*WHAT THIS TASK INVOLVES:* Once the line holding "These lines are" is written out, stop; begin at the first line of the material below and retype exactly, dropping pictures.

□ □ □

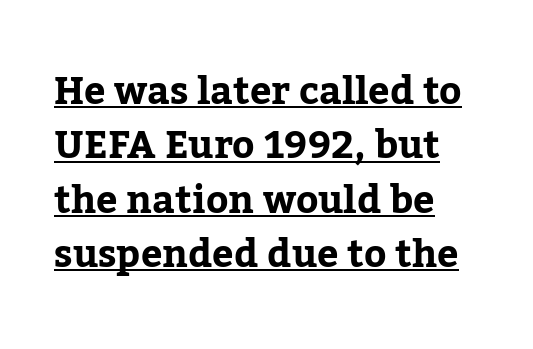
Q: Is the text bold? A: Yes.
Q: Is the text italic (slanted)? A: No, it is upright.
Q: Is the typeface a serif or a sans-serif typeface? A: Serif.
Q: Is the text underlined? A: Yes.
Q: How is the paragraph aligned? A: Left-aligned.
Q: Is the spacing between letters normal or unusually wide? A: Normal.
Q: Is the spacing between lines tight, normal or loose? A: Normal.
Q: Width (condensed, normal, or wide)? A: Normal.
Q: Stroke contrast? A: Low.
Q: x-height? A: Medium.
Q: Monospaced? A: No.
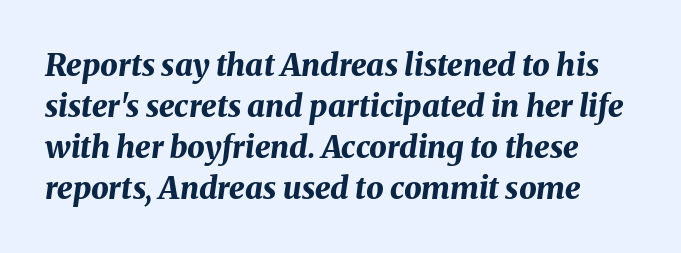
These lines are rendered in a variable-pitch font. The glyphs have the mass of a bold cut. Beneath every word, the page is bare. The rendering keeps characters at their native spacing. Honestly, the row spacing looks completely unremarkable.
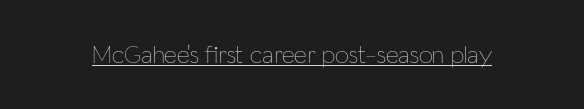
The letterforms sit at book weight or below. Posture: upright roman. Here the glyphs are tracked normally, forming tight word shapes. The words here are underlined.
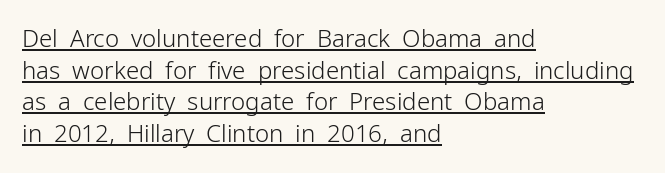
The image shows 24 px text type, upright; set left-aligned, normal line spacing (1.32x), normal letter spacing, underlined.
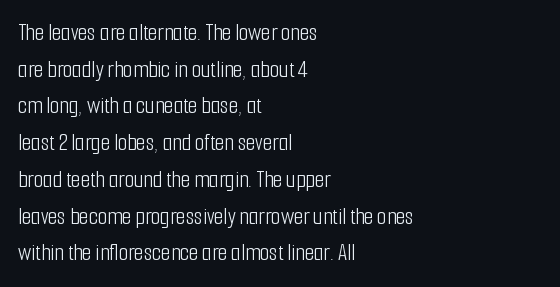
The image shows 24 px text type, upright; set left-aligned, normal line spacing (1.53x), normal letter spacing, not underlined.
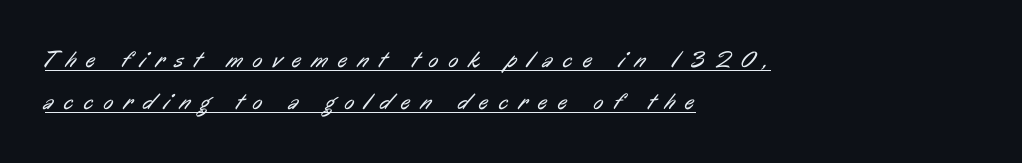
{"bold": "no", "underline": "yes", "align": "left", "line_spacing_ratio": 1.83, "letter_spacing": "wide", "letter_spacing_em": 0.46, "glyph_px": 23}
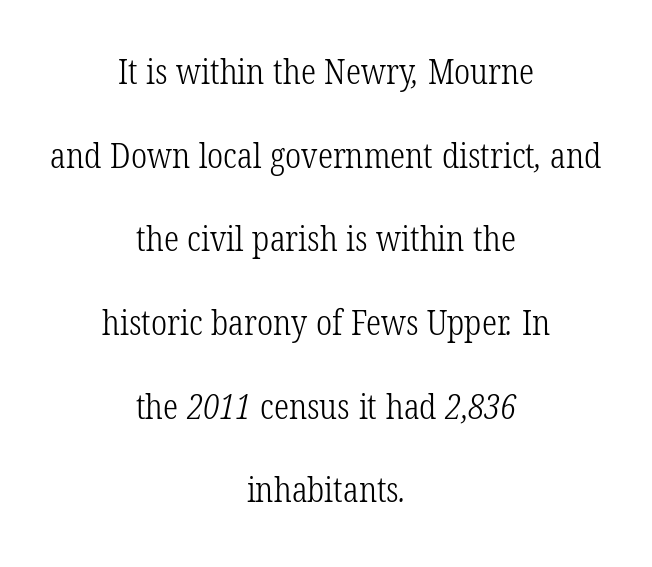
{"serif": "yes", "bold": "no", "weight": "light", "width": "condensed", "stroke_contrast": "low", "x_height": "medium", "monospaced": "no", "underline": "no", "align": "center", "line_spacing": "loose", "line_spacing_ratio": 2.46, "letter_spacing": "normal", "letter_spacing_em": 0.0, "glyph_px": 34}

□ □ □

*EXERCISE SOLUTION:*
Q: Is the text bold? A: Yes.
Q: Is the text italic (slanted)? A: No, it is upright.
Q: Is the typeface a serif or a sans-serif typeface? A: Serif.
Q: Is the text underlined? A: Yes.
Q: How is the paragraph aligned? A: Left-aligned.
Q: Is the spacing between letters normal or unusually wide? A: Normal.
Q: Is the spacing between lines tight, normal or loose? A: Normal.
Q: Width (condensed, normal, or wide)? A: Normal.
Q: Stroke contrast? A: Low.
Q: x-height? A: Medium.
Q: Monospaced? A: No.
These lines are rendered in a variable-pitch font. The glyphs have the mass of a bold cut. Beneath every word, the page is bare. The rendering keeps characters at their native spacing. Honestly, the row spacing looks completely unremarkable.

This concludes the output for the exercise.